Here is another doozy for you, found in the ingredients list for the grilled chicken "nuggets" from another popular chain:

Grilled chicken (whole breast filet, seasoning [water, apple cider vinegar, soybean oil, yeast extract, salt, modified corn starch, palm oil, dehydrated garlic, dehydrated onion, corn maltodextrin, sea salt, natural flavor, sugar, chicken stock, cane molasses, chicken fat, spice, natural flavor {including smoke}, dextrose, lemon peel, citric acid, red bell pepper, orange juice concentrate, grape juice concentrate, natural flavor, paprika, vinegar, xanthan gum, ascorbic acid, and spices]).

Yes, Virginia, there is sugar in your chicken. And a whole pile of other stuff that isn't chicken. To be perfectly frank here, with as many ingredients as are listed above, it's stunning that fast food grilled chicken continues to taste like flavorless rubber.

Where's The Beef?

You might have heard about the controversy bubbling around whether or not there was any actual meat in the taco meat at a well-known chain. We regret to inform you that, while the chain bragged about their meat being 88% beef (seriously, they were proud of that... and it's still kind of up in the air as to whether or not the percentage of beef they claimed their meat contains is even true), there were other things in it that should make a ketonian cringe. Like oats, for example.

Behold:

Beef, Water, Seasoning [Isolated Oat Product, Salt, Chili Pepper, Onion Powder, Tomato Powder, Oats (Wheat), Soy Lecithin, Sugar, Spices, Maltodextrin, Soybean Oil (Anti-dusting Agent), Garlic Powder, Autolyzed Yeast Extract, Citric Acid, Caramel Color, Cocoa Powder (Processed With Alkali), Silicon Dioxide, Natural Flavors, Yeast, Modified Corn Starch, Natural Smoke Flavor], Salt, Sodium Phosphates. CONTAINS SOYBEANS, WHEAT

We don't know about you, but we are not excited about having to try and guess whether or not the meat on our plate is actually, you know, meat instead of some weird concoction of oats, soy, and silicon dioxide.

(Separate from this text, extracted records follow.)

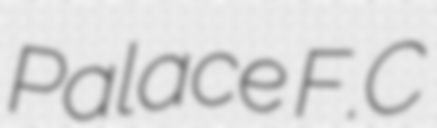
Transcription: Palace F.C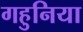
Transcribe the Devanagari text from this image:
गहुनिया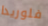
فلوريدا

Hopefully, pulling back the curtain on some of these problems will help to highlight in your mind why eating fast food isn't good idea, and not just because we are ketonians, but because it's full of additives that are bad for everyone.

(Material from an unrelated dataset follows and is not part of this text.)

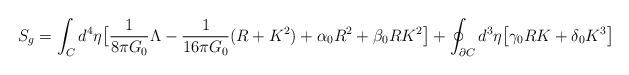
LaTeX: \begin{align*}S_g = \int_Cd^4\eta\big{[}\frac{1}{8\pi G_0}\Lambda - \frac{1}{16\pi G_0}(R + K^2) + \alpha_0R^2 + \beta_0RK^2\big{]}+ \oint_{\partial C}d^3\eta\big{[}\gamma_0RK + \delta_0K^3\big{]}\end{align*}

We would like to emphasize that these are just the things that have been publicly verified. There are many other claims that are also highly concerning. For example, there have been rumors for years that fast food chains regularly spray or soak their vegetables with either sugar water, or some kind of preservative concoction containing propelyne glycol (so much for that "healthier" fast food salad). While we could not find any solid verification of that, when considering that it took a lawsuit to get the admission about the presence of oats in the ground beef, we're giving that fast food salad the side-eye from now on.

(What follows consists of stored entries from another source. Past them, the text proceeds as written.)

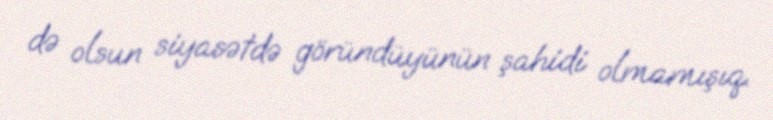
də olsun siyasətdə göründüyünün şahidi olmamışıq.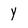
Character: Y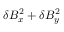
\delta B _ { x } ^ { 2 } + \delta B _ { y } ^ { 2 }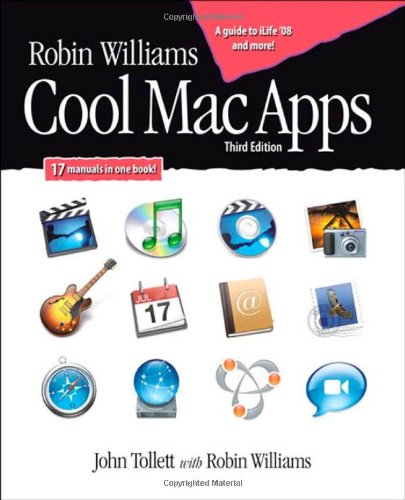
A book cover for Robin Williams Cool Mac Apps: Twelve apps for enhanced creativity and productivity (3rd Edition); John Tollett; Computers & Technology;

Another concerning fact that we do know is that most of these places are cooking their foods in highly inflammatory soybean or vegetable oils, some or all of which are at least partially hydrogenated (i.e., trans fats). We also know that there is a high risk of cross contamination at fast food establishments, because many foods are heated in the same oil as those breaded items that are deep fried. These facts, by themselves, should be enough of a red flag to at least give you pause before you place your order.

We've mentioned before that ingredients matter and we should largely be eating real food. Sometimes it can be a challenge, and even the members of our team are guilty of grabbing an egg and sausage patty or some lunch meat and cheese from one of these establishments. But at the very least, we encourage you to avoid the fast food drive thru and counter as much as possible, as frequent consumption of these kinds of frankenfoods can seriously hinder progress and be deleterious to maintaining good health.

Part of making good keto decisions means we have to sacrifice a measure of convenience, and much as it pains most of us to admit it, for the average ketonian this probably means fast food is largely out. What can you eat at that fast food joint? The answer to that really depends on you. Whatever your decision, make it an informed one.